Magistrados questionam limite de patrocínio a eventos

Do Valor

Associações de juízes vão contestar norma do CNJ

As associações dos Juízes Federais (Ajufe) e dos Magistrados Brasileiros (AMB) vão ingressar com ação conjunta no Supremo Tribunal Federal (STF) contra a resolução do Conselho Nacional de Justiça (CNJ) que limitou o valor de patrocínios a eventos de magistrados. Para as entidades, a Resolução nº 170, que reduziu o patrocínio de empresas a eventos em, no máximo, 30% dos custos totais, tem o objetivo de esvaziar as associações da magistratura e fere o direito de liberdade de reunião.

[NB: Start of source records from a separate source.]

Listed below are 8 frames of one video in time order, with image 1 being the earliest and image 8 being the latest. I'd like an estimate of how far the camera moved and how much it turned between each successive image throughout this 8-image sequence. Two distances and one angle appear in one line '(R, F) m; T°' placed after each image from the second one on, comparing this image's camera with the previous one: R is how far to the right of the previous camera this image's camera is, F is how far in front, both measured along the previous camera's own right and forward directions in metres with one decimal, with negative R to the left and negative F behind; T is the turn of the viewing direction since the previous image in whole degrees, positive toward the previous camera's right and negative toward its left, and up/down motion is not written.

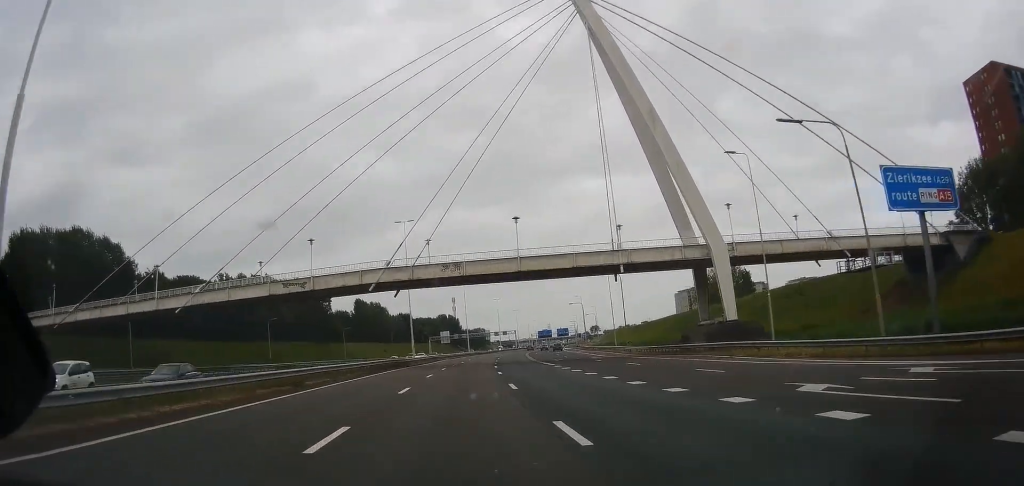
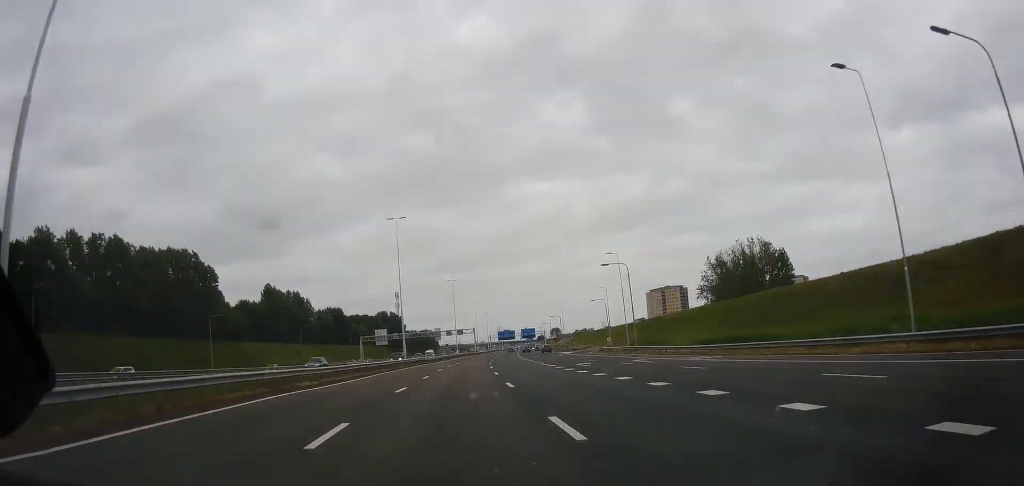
(+3.8, +71.0) m; +5°
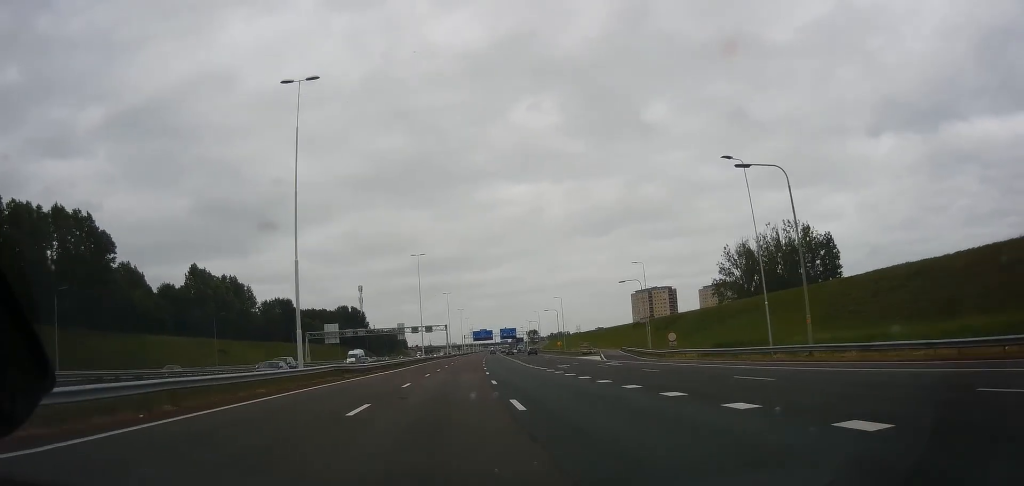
(+0.9, +42.9) m; +1°
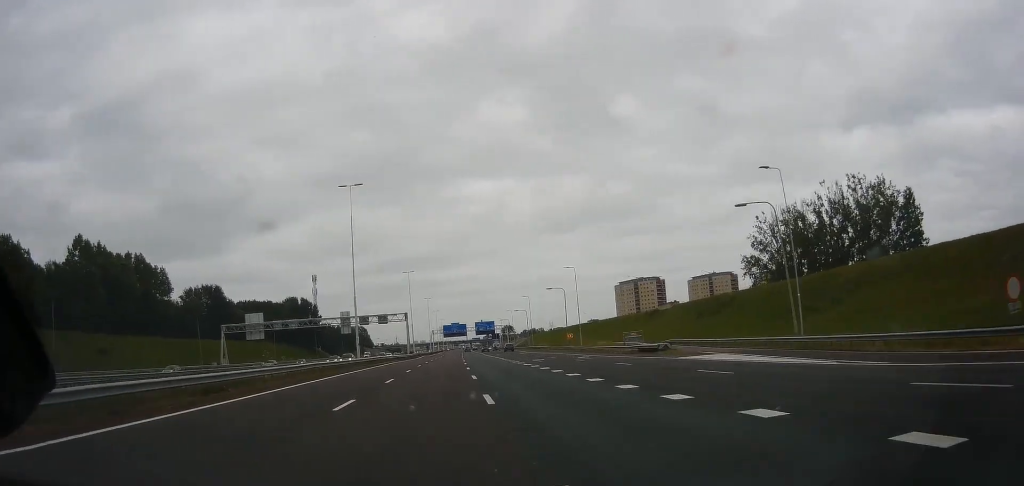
(0.0, +46.5) m; +1°
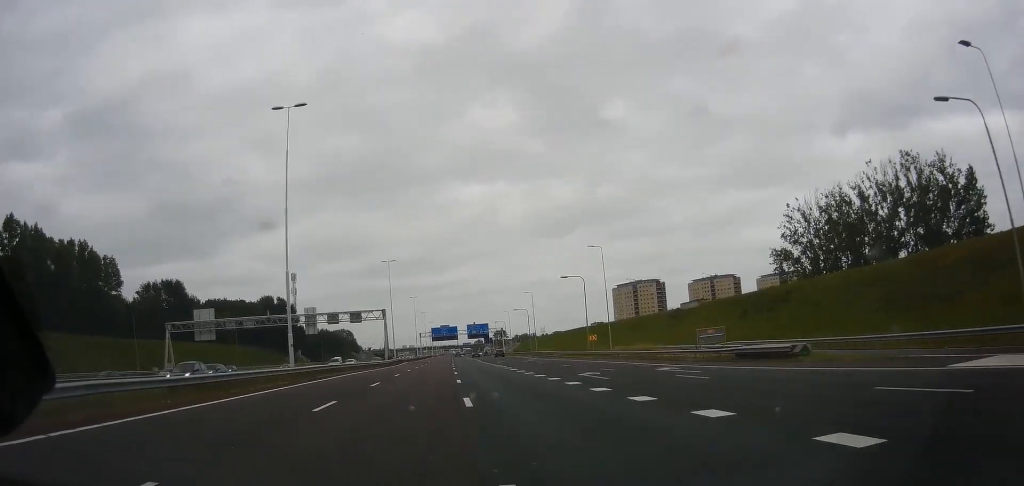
(-0.3, +24.2) m; +1°
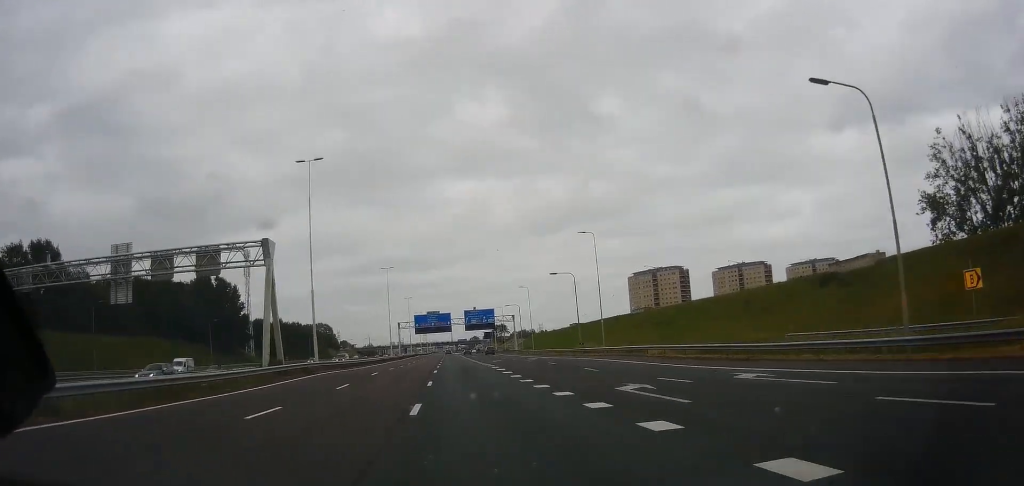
(+2.4, +61.4) m; +3°
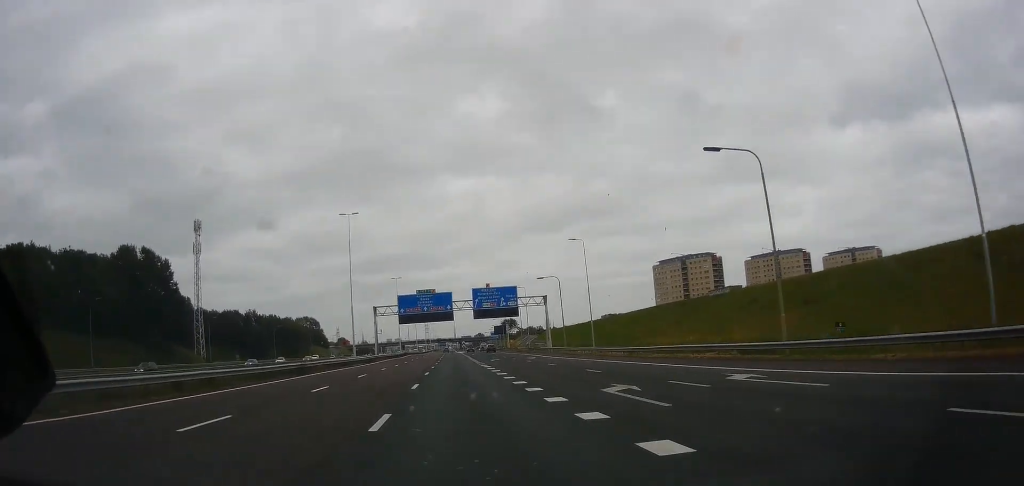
(+0.7, +50.5) m; +1°
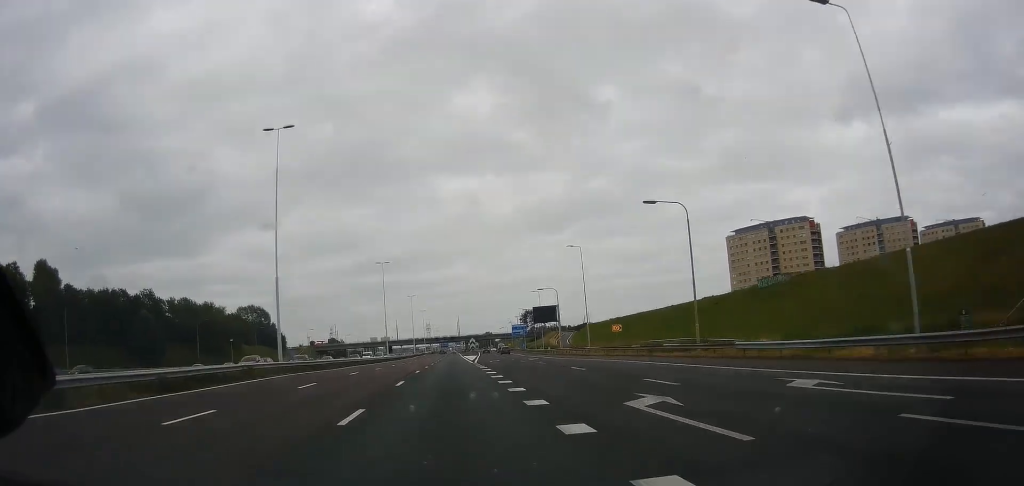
(-0.1, +106.6) m; 0°

“Diga-se, sem rodeios, que prestigiar a tese de que magistrados poderiam trocar sua consciência e convencimento em processos submetidos à sua jurisdição por jantares ou diárias em eventos ou congressos constitui um disparate tão grande que revolta e choca todos os juízes do Brasil”, diz a minuta da ação a que o Valor teve acesso. O texto foi encaminhado à cúpula da Associação Nacional dos Magistrados da Justiça do Trabalho (Anamatra) para que ela decida se também pretende assinar a ação. A expectativa é a de que a Ajufe e a AMB entrem no STF ainda hoje. Caso a Anamatra também queria assinar a petição, a ação deverá ser proposta amanhã.

A ação deve ser assinada pelo advogado Sérgio Bermudes, que tem contrato com a Ajufe para atuar em processos da entidade no STF. Com isso, o ministro Luiz Fux deve se declarar impedido de votar a questão, pois a sua filha trabalha no escritório de Bermudes. Fux tem por regra não participar dos julgamentos de causas patrocinadas pelo escritório, alegando motivo de foro íntimo.

A ação será mais um capítulo na disputa que as entidades de juízes travam com o presidente do STF, ministro Joaquim Barbosa. Há duas semanas, ele discutiu com representantes da Ajufe, da AMB e da Anamatra por causa da aprovação, pelo Congresso, de quatro novos Tribunais Regionais Federais (TRFs). Barbosa é contrário aos eventos de juízes patrocinados por empresas privadas por entender que a prática pode comprometer a magistratura. Como presidente do CNJ, foi o ministro quem colocou a resolução em votação. “É uma primeira tentativa de segregar o Judiciário de relações duvidosas, senão promíscuas com o empreendimento privado”, afirmou o ministro, em fevereiro, após a aprovação da resolução.

Mas, para a Ajufe e a AMB, a resolução do CNJ representa uma interferência estatal indevida na liberdade das associações. “O Estado está constitucionalmente proibido a determinar a forma como serão custeados os eventos científicos, culturais ou de qualquer outra natureza promovidos por associações de classe”, diz a minuta da ação. “É evidente que, se abusos forem apurados, tanto o CNJ como as corregedorias de Justiça têm o dever legal de aplicar as sanções cabíveis. Entretanto, não é possível limitar a tal ponto a liberdade das associações e dos próprios magistrados em promover eventos com fins lícitos e patrocinados por entes legalmente constituídos.”

As entidades de juízes dizem ainda que a resolução impede a realização de “eventos financeiramente equilibrados” e viola “a plena liberdade de associação e a garantia de funcionamento das associações de classe, sem interferência estatal”. “O patrocínio é captado e direcionado às associações, sem qualquer participação dos magistrados participantes do evento”, diz a minuta da ação. Segundo as entidades, os juízes que frequentam os eventos não mantêm “qualquer contato ou vínculo com o patrocinador”. “O objetivo do patrocinador não é cooptar, por meio de custeio de despesas, magistrados que possam decidir favoravelmente suas demandas judiciais, mas, sim, promover o debate e o esclarecimento de ideias, em alto nível intelectual e cultural”, diz a petição.

A ação é dirigida ao presidente do STF contra ato do presidente do CNJ. Barbosa ocupa os dois cargos. Caberá ao ministro encaminhar o caso para distribuição processual no STF, onde será escolhido um relator. O STF já recebeu uma ação contra a resolução dos patrocínios, que foi proposta em março pela Associação Nacional dos Magistrados Estaduais (Anamages). Essa ação tem como relator o ministro Celso de Mello e, como se trata do mesmo tema, o caso da Ajufe e da AMB também pode ser encaminhado a ele. Na ação, a Anamages alega que a resolução foi aprovada de maneira irregular, pois as entidades de magistrados não foram ouvidas previamente.